Data to use:
##########

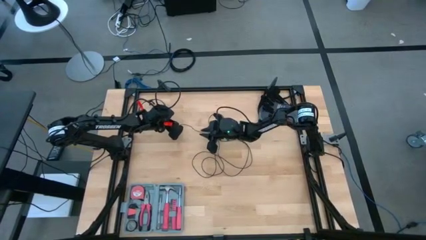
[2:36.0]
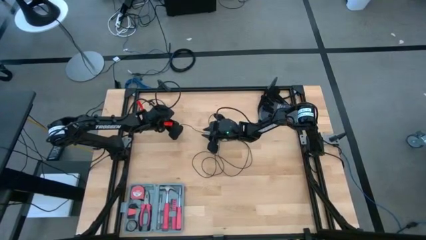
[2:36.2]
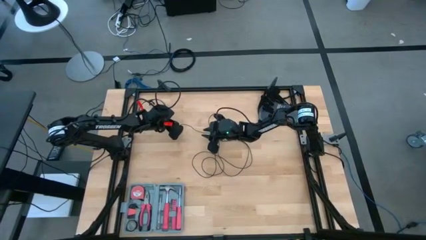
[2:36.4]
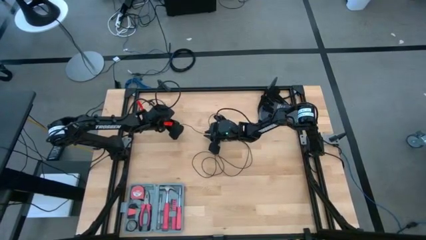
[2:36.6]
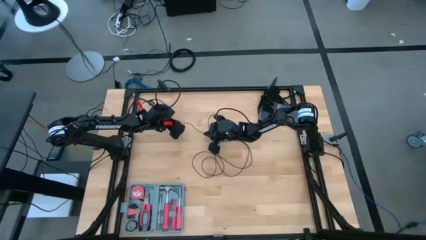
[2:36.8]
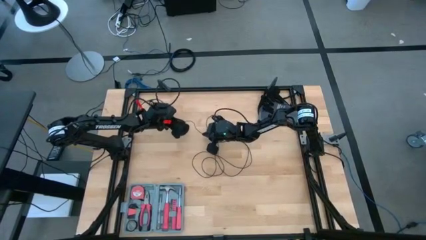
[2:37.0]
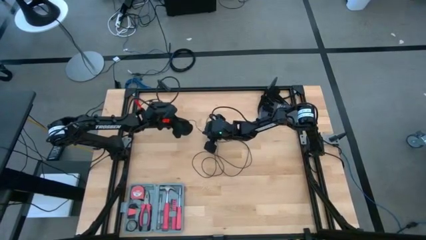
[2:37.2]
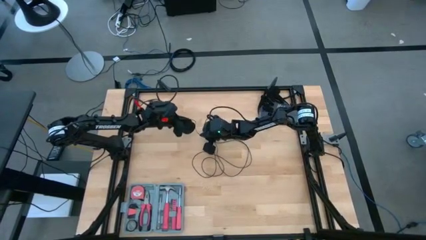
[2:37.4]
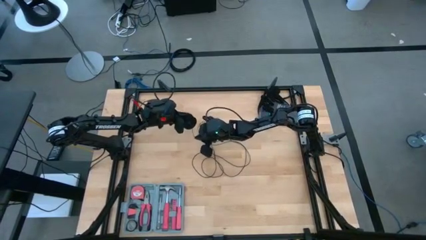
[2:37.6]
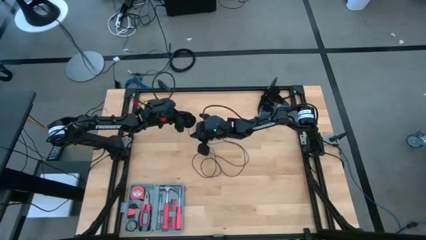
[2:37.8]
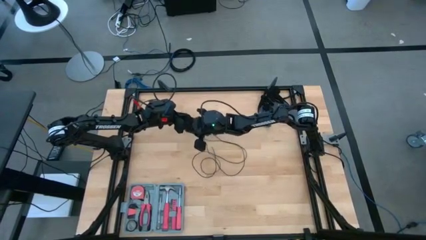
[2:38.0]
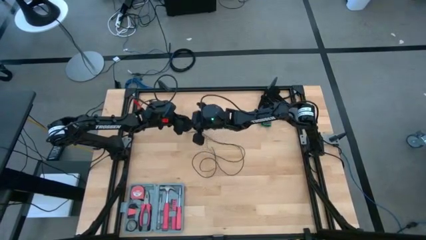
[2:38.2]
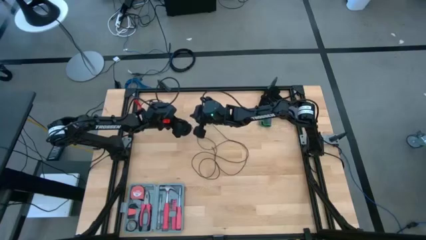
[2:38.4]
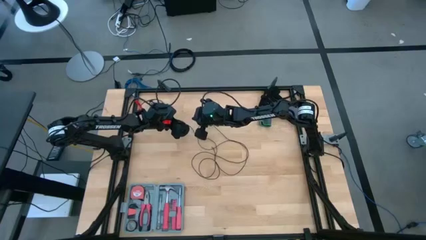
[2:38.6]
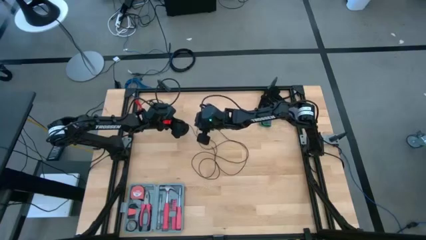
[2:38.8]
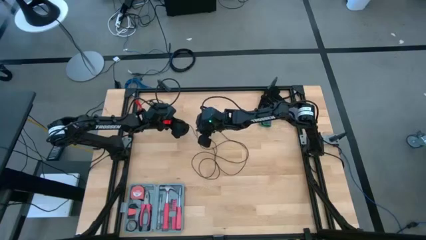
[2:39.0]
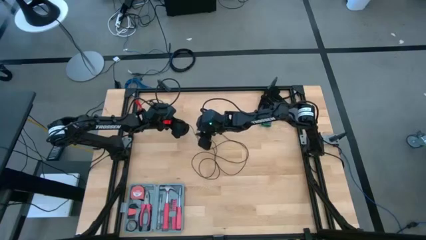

##########

Activity: Repeat all of the data above word for word, minus the pictures.

Reply to the task:
[2:36.0]
[2:36.2]
[2:36.4]
[2:36.6]
[2:36.8]
[2:37.0]
[2:37.2]
[2:37.4]
[2:37.6]
[2:37.8]
[2:38.0]
[2:38.2]
[2:38.4]
[2:38.6]
[2:38.8]
[2:39.0]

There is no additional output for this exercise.